Imagine a situation where there is a thread to which I decide to post a response. There may be quite some time between when I hit the "quote" button and begin to compose my reply and when I hit the "submit reply" button.
When my post appears my browser window positions my post the top of the window.
A) If someone has posted in the meantime I don't get to see it.
B) If I shut the window and go to the forum's lead page I don't see the 'new post' icon indicating that there are posts I haven't read.

I realise that there would be major hurdles to overcome in informing the 'new post' genie in vBulletin headquarters about which posts I have read, but would it be impossible to bring me to the posts which have come in in the interval when I am bring brought back from the compose reply window to the thread page?

This may well be a question for vBulletin themselves.


----------



## Nunty

Hi Tony 

If you preview your post and then scroll down, I believe you see all the posts in the thread, including any new ones since you started writing yours.

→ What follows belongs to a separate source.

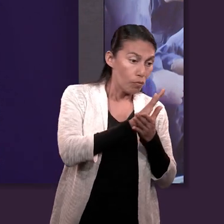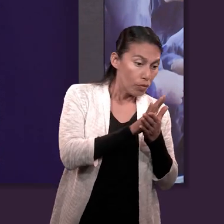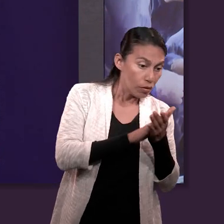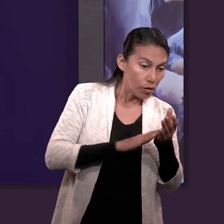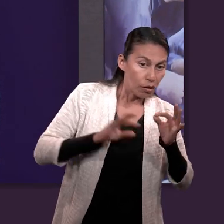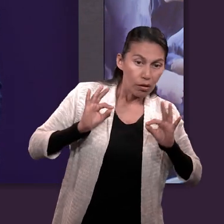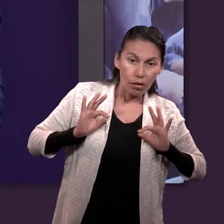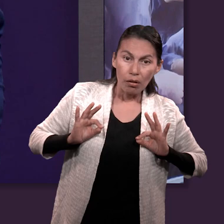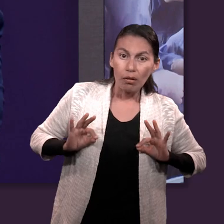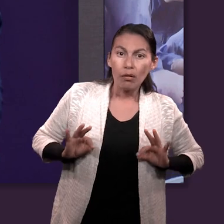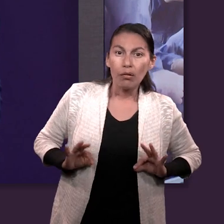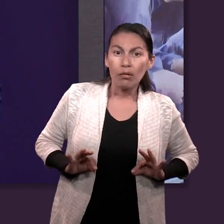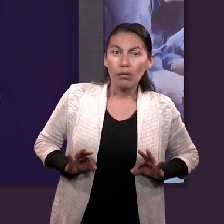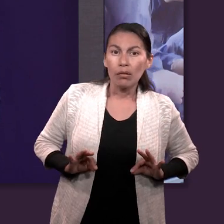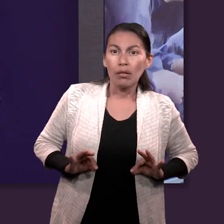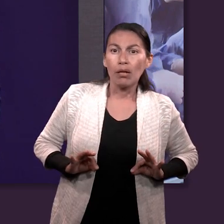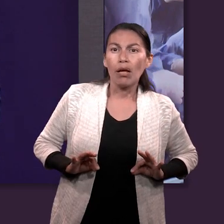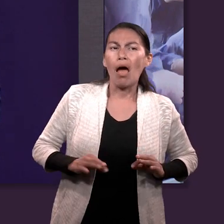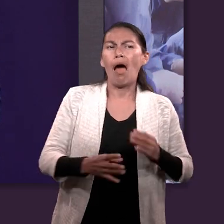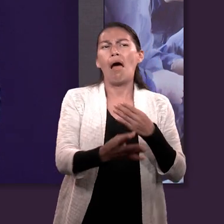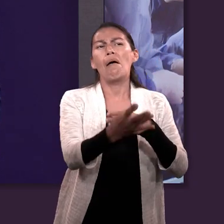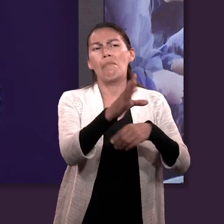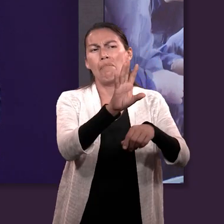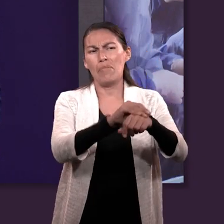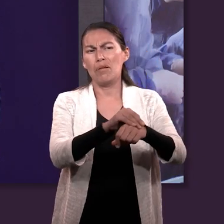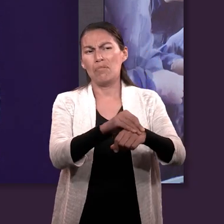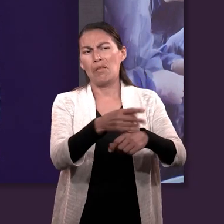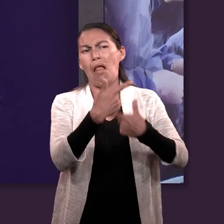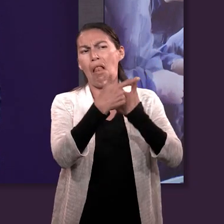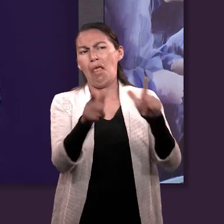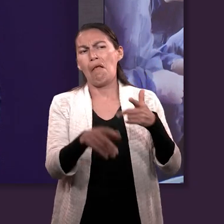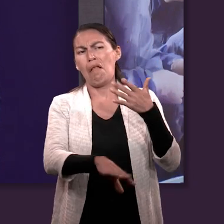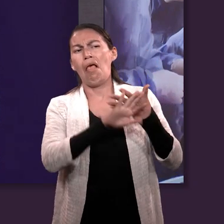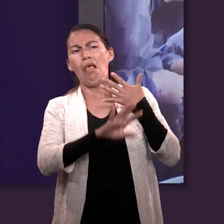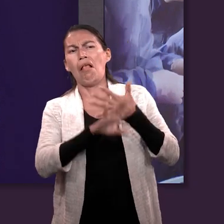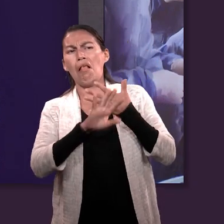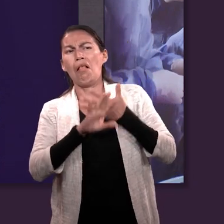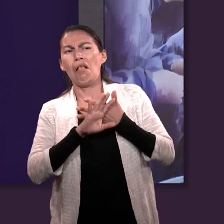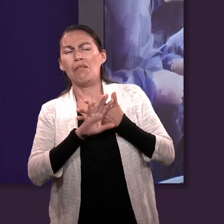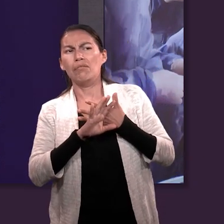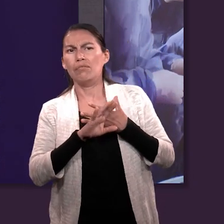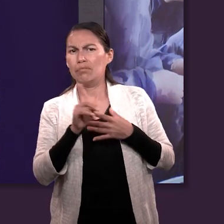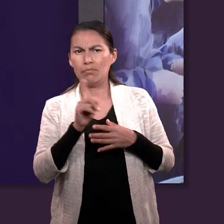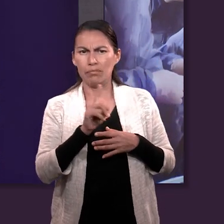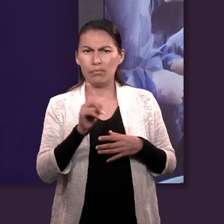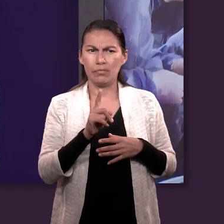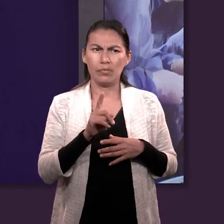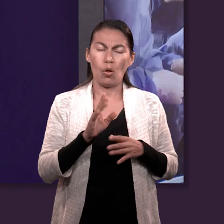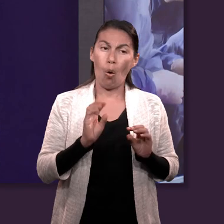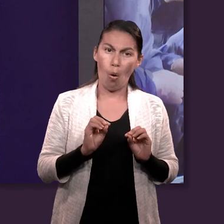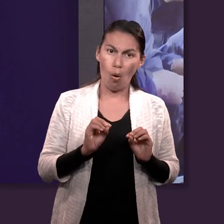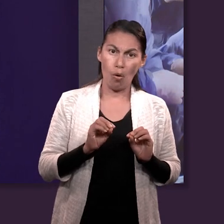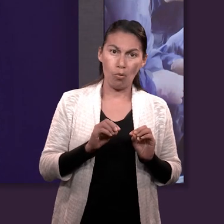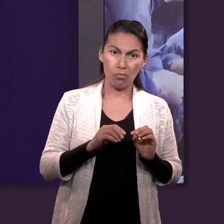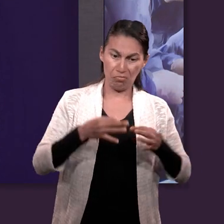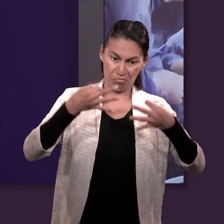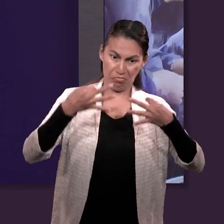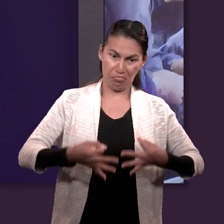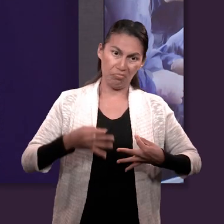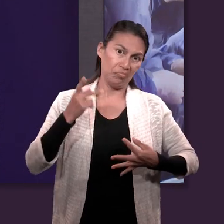en el sentido de que no es dejar dejarte abusar por otra persona, no es ser políticamente correcto nada más,

Or have I misunderstood the question?


----------



## maxiogee

Nun-Translator said:


> Hi Tony
> 
> If you preview your post and then scroll down, I believe you see all the posts in the thread, including any new ones since you started writing yours.
> 
> Or have I misunderstood the question?



No, you've understood me perfectly.
But one doesn't always preview - at least sloppy proofreading me doesn't


----------



## Nunty

You're right. I hardly ever preview. I usually post from the Quick Reply box. But if a lot of time has passed, I will preview just so I can see if someone has meanwhile said it before me and better than me.


----------



## Veggy

Hi, maxiogee, it might not be very comfortable but I memorize the number written on the main page near the thread and in the case someone posted before I had time ti post myself, I see the number has changed.
(this is if I understood well your question)


----------



## Agnès E.

Another solution, that I sometimes use: I open a second WR window before sending my reply, in order to check if other replies have been posted while I was writing, and be the able to adapt my own reply to the new preceeding ones.


----------



## Etcetera

Agnès E. said:


> Another solution, that I sometimes use: I open a second WR window before sending my reply, in order to check if other replies have been posted while I was writing, and be the able to adapt my own reply to the new preceeding ones.


I like this tip! Thank you Agnès.


----------



## .   1

I use IE and can simply scroll down from the response window and see any posts made after I started to reply.

.,,


----------



## mkellogg

I usually ctrl-click the thread title in the header of the page to see a fresh copy of the thread in a new window before posting if I take too long.  I think "Preview Post" would work, too.


----------